Listin Diario publishes today an extensive interview with three persons knowledgeable on inclusive tourism development. Those interviewed expressed their concern the development plans unfolded by the Abinader Presidency could create tourism ghettos in Pedernales and not bring real development to the community and the southwestern region. The government is promoting public-private alliances with large hotel companies to build resorts in the Cabo Rojo beach strip. Many of these companies already operate large resorts in the Punta Cana area in the East.
In December 2020, President Luis Abinader issued Decree 724-20 creating Pro-Pedernales, “a public, irrevocable, real estate development and investment, administration, source of payment, guarantee or public offering trust, for the tourism development of the province of Pedernales and surrounding areas.”
During an interview with Listin Diario, sustainable tourism specialists Lissette Gil, the founding president of the Pedernales Tourism Cluster Marino Jose Vilomar and father Antonio Fernandez, director of the Foundation for the Support of the Southwest (Fundasur) are advocates of a different model for Pedernales. They argue that the tourism development plan for the province of Pedernales must guarantee respect for natural resources, promote small businesses in the area and local talent, be governed by the rules of sustainable tourism and be part of a circuit that benefits not only this province, but the entire Enriquillo region,
Lissette Gil, former executive director of the Dominican Consortium for Tourism Competitiveness (CDCT), considers that given its unique attractions, a new model must be used for its development. She says: “Building a ghetto in Cabo Rojo with a model of vertical structuring and business corporations does not respond to the global trends.”
“We are concentrating on a single space, creating a pressure with this massive development that can be extremely impacting for Pedernales itself and for the southern region,” Gil warned.
Father Antonio alerted that people aspire to more than have a job making beds or serving drinks in a big hotel. Fernandez says the large tourist complexes are seen by many as “farms to milk tourists,” who are not allowed to leave the hotel because they will be robbed or because they will be embarrassed to see poverty.
Father Fernandez says:” I understand that it is necessary to build some hotels in Pedernales, to welcome people, but we need to simultaneously promote small businesses not only in Cabo Rojo.” He points to previous development plans that call for promoting the beach area of the town, and actions to promote small local businesses, training for locals. He advocates for developing fishing routes, “because all these beaches are wonderful to travel by boat.”
He sees the development as an opportunity for creating small businesses to generate wealth for the entire Enriquillo community and not ghettos. The Enriquillo region is formed by the provinces of Barahona, Pedernales, Independencia and Bahoruco, an area of 6,961.43 square kilometers.

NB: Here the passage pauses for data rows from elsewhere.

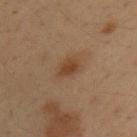biopsy_status: not biopsied; imaged during a skin examination
lighting: cross-polarized
site: left upper arm
lesion_size:
  long_diameter_mm_approx: 3.0
image:
  source: total-body photography crop
  field_of_view_mm: 15
patient:
  sex: male
  age_approx: 35
automated_metrics:
  cielab_L: 38
  cielab_a: 18
  cielab_b: 29
  vs_skin_darker_L: 8.0
  border_irregularity_0_10: 2.5
  peripheral_color_asymmetry: 0.5
  nevus_likeness_0_100: 90
  lesion_detection_confidence_0_100: 100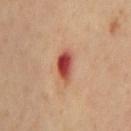| field | value |
|---|---|
| subject | male, aged around 60 |
| diameter | ≈3.5 mm |
| anatomic site | the mid back |
| automated lesion analysis | a lesion color around L≈48 a*≈31 b*≈30 in CIELAB, roughly 15 lightness units darker than nearby skin, and a normalized border contrast of about 11; a classifier nevus-likeness of about 0/100 and lesion-presence confidence of about 100/100 |
| lighting | cross-polarized |
| acquisition | ~15 mm tile from a whole-body skin photo |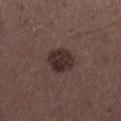Clinical impression:
Part of a total-body skin-imaging series; this lesion was reviewed on a skin check and was not flagged for biopsy.
Clinical summary:
The subject is a male in their mid-50s. Imaged with white-light lighting. About 3.5 mm across. A close-up tile cropped from a whole-body skin photograph, about 15 mm across. On the leg.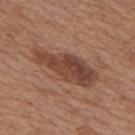notes: no biopsy performed (imaged during a skin exam)
location: the back
image source: ~15 mm crop, total-body skin-cancer survey
size: about 8 mm
patient: male, approximately 65 years of age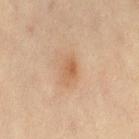Findings:
- site: the leg
- patient: female, about 45 years old
- image source: total-body-photography crop, ~15 mm field of view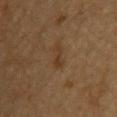follow-up: catalogued during a skin exam; not biopsied | location: the back | imaging modality: 15 mm crop, total-body photography | patient: male, about 85 years old or older.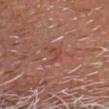• follow-up — no biopsy performed (imaged during a skin exam)
• patient — male, aged 78 to 82
• lesion diameter — ~3 mm (longest diameter)
• TBP lesion metrics — a lesion area of about 4 mm², an outline eccentricity of about 0.6 (0 = round, 1 = elongated), and a shape-asymmetry score of about 0.45 (0 = symmetric); a border-irregularity index near 5/10, a color-variation rating of about 2/10, and a peripheral color-asymmetry measure near 1
• site — the chest
• acquisition — 15 mm crop, total-body photography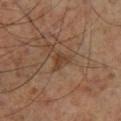Part of a total-body skin-imaging series; this lesion was reviewed on a skin check and was not flagged for biopsy.
Imaged with cross-polarized lighting.
The lesion is located on the right lower leg.
Automated image analysis of the tile measured an eccentricity of roughly 0.55. The software also gave border irregularity of about 5 on a 0–10 scale, internal color variation of about 1.5 on a 0–10 scale, and peripheral color asymmetry of about 0.5.
Approximately 2.5 mm at its widest.
A roughly 15 mm field-of-view crop from a total-body skin photograph.
A male patient, about 60 years old.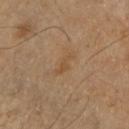{
  "biopsy_status": "not biopsied; imaged during a skin examination",
  "site": "right forearm",
  "image": {
    "source": "total-body photography crop",
    "field_of_view_mm": 15
  },
  "lesion_size": {
    "long_diameter_mm_approx": 3.0
  },
  "lighting": "cross-polarized",
  "patient": {
    "sex": "female",
    "age_approx": 60
  }
}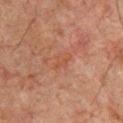  biopsy_status: not biopsied; imaged during a skin examination
  image:
    source: total-body photography crop
    field_of_view_mm: 15
  patient:
    sex: male
    age_approx: 60
  lesion_size:
    long_diameter_mm_approx: 2.5
  site: chest
  lighting: cross-polarized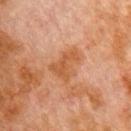biopsy status: imaged on a skin check; not biopsied
acquisition: ~15 mm tile from a whole-body skin photo
lighting: cross-polarized
subject: male, about 80 years old
TBP lesion metrics: a footprint of about 8 mm² and two-axis asymmetry of about 0.45; about 6 CIELAB-L* units darker than the surrounding skin and a lesion-to-skin contrast of about 6 (normalized; higher = more distinct); a border-irregularity index near 5/10 and peripheral color asymmetry of about 0.5; a nevus-likeness score of about 0/100 and a lesion-detection confidence of about 100/100
body site: the chest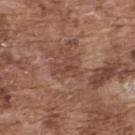Impression:
Recorded during total-body skin imaging; not selected for excision or biopsy.
Background:
Automated tile analysis of the lesion measured a footprint of about 4 mm² and a shape eccentricity near 0.75. The software also gave about 7 CIELAB-L* units darker than the surrounding skin and a lesion-to-skin contrast of about 5.5 (normalized; higher = more distinct). The software also gave a border-irregularity rating of about 5/10, internal color variation of about 1.5 on a 0–10 scale, and peripheral color asymmetry of about 0.5. The analysis additionally found a nevus-likeness score of about 0/100 and a detector confidence of about 90 out of 100 that the crop contains a lesion. A male patient, in their mid- to late 70s. A region of skin cropped from a whole-body photographic capture, roughly 15 mm wide. The lesion is on the back. Measured at roughly 3 mm in maximum diameter. Imaged with white-light lighting.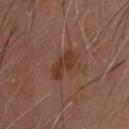Q: How was the tile lit?
A: cross-polarized illumination
Q: Who is the patient?
A: male, in their mid- to late 60s
Q: How was this image acquired?
A: ~15 mm tile from a whole-body skin photo
Q: Where on the body is the lesion?
A: the head or neck
Q: What is the lesion's diameter?
A: about 4 mm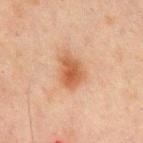Clinical impression: This lesion was catalogued during total-body skin photography and was not selected for biopsy. Background: A roughly 15 mm field-of-view crop from a total-body skin photograph. The subject is a male aged approximately 70. About 4 mm across. The lesion-visualizer software estimated an area of roughly 8 mm², a shape eccentricity near 0.7, and a symmetry-axis asymmetry near 0.25. On the back. Imaged with cross-polarized lighting.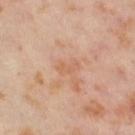<record>
<biopsy_status>not biopsied; imaged during a skin examination</biopsy_status>
<image>
  <source>total-body photography crop</source>
  <field_of_view_mm>15</field_of_view_mm>
</image>
<site>left thigh</site>
<patient>
  <sex>female</sex>
  <age_approx>55</age_approx>
</patient>
</record>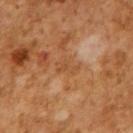Part of a total-body skin-imaging series; this lesion was reviewed on a skin check and was not flagged for biopsy.
The total-body-photography lesion software estimated a border-irregularity rating of about 4/10 and internal color variation of about 2 on a 0–10 scale. The software also gave a nevus-likeness score of about 0/100 and a lesion-detection confidence of about 95/100.
The tile uses cross-polarized illumination.
A 15 mm crop from a total-body photograph taken for skin-cancer surveillance.
A male subject, in their mid-60s.
Longest diameter approximately 3 mm.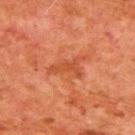Notes:
- workup: no biopsy performed (imaged during a skin exam)
- subject: male, aged around 80
- TBP lesion metrics: an area of roughly 5.5 mm² and an eccentricity of roughly 0.9; a within-lesion color-variation index near 1.5/10
- anatomic site: the upper back
- image source: ~15 mm crop, total-body skin-cancer survey
- tile lighting: cross-polarized illumination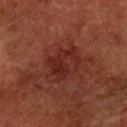Q: Was a biopsy performed?
A: total-body-photography surveillance lesion; no biopsy
Q: What are the patient's age and sex?
A: in their mid-60s
Q: Lesion size?
A: about 4.5 mm
Q: What kind of image is this?
A: 15 mm crop, total-body photography
Q: What is the anatomic site?
A: the left forearm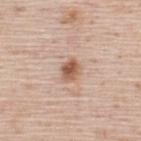A male subject approximately 45 years of age. Automated image analysis of the tile measured a shape eccentricity near 0.65 and a shape-asymmetry score of about 0.2 (0 = symmetric). It also reported a lesion–skin lightness drop of about 13 and a lesion-to-skin contrast of about 9 (normalized; higher = more distinct). And it measured a within-lesion color-variation index near 5/10. It also reported a nevus-likeness score of about 95/100 and a lesion-detection confidence of about 100/100. Located on the upper back. The lesion's longest dimension is about 2.5 mm. A close-up tile cropped from a whole-body skin photograph, about 15 mm across. Imaged with white-light lighting.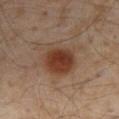{"biopsy_status": "not biopsied; imaged during a skin examination", "lesion_size": {"long_diameter_mm_approx": 5.0}, "site": "abdomen", "patient": {"sex": "male", "age_approx": 60}, "image": {"source": "total-body photography crop", "field_of_view_mm": 15}, "automated_metrics": {"area_mm2_approx": 16.0, "eccentricity": 0.45, "shape_asymmetry": 0.15, "cielab_L": 35, "cielab_a": 18, "cielab_b": 26, "vs_skin_darker_L": 10.0, "nevus_likeness_0_100": 100, "lesion_detection_confidence_0_100": 100}}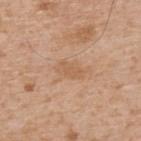The lesion was photographed on a routine skin check and not biopsied; there is no pathology result. The subject is a male roughly 65 years of age. Approximately 3 mm at its widest. The lesion is on the upper back. This image is a 15 mm lesion crop taken from a total-body photograph. This is a white-light tile.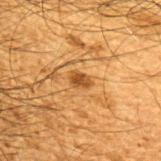Clinical summary:
The lesion is located on the upper back. A 15 mm close-up tile from a total-body photography series done for melanoma screening. A male patient roughly 65 years of age.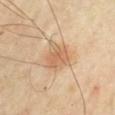Clinical impression:
Recorded during total-body skin imaging; not selected for excision or biopsy.
Context:
Imaged with cross-polarized lighting. A 15 mm close-up extracted from a 3D total-body photography capture. On the right upper arm. A male subject in their mid- to late 60s. Measured at roughly 4 mm in maximum diameter.

For Marino José Vilomar, owner of the Doña Chava hotel (in downtown Pedernales), is concerned the government is talking about the development of Pedernales when in reality the focus is on the coastal strip of Cabo Rojo.
“That is to say, it is not in Pedernales, the head municipality, it is not even the province, because they are not talking about Oviedo. What they are talking about is Cabo Rojo. So I was wondering, what are we going to do to motivate visitors from Cabo Rojo to visit Pedernales? Are they going to build the Biosphere Reserve Interpretation Center, or are they going to build an amphitheater or a museum? They have to present us with something that will motivate the people of Cabo Rojo to come to Pedernales, because if they come to Pedernales the authorities will have the duty to keep the city clean…” [The government public-private alliance for Pedernales relinquishes the hotel companies from paying municipal taxes.]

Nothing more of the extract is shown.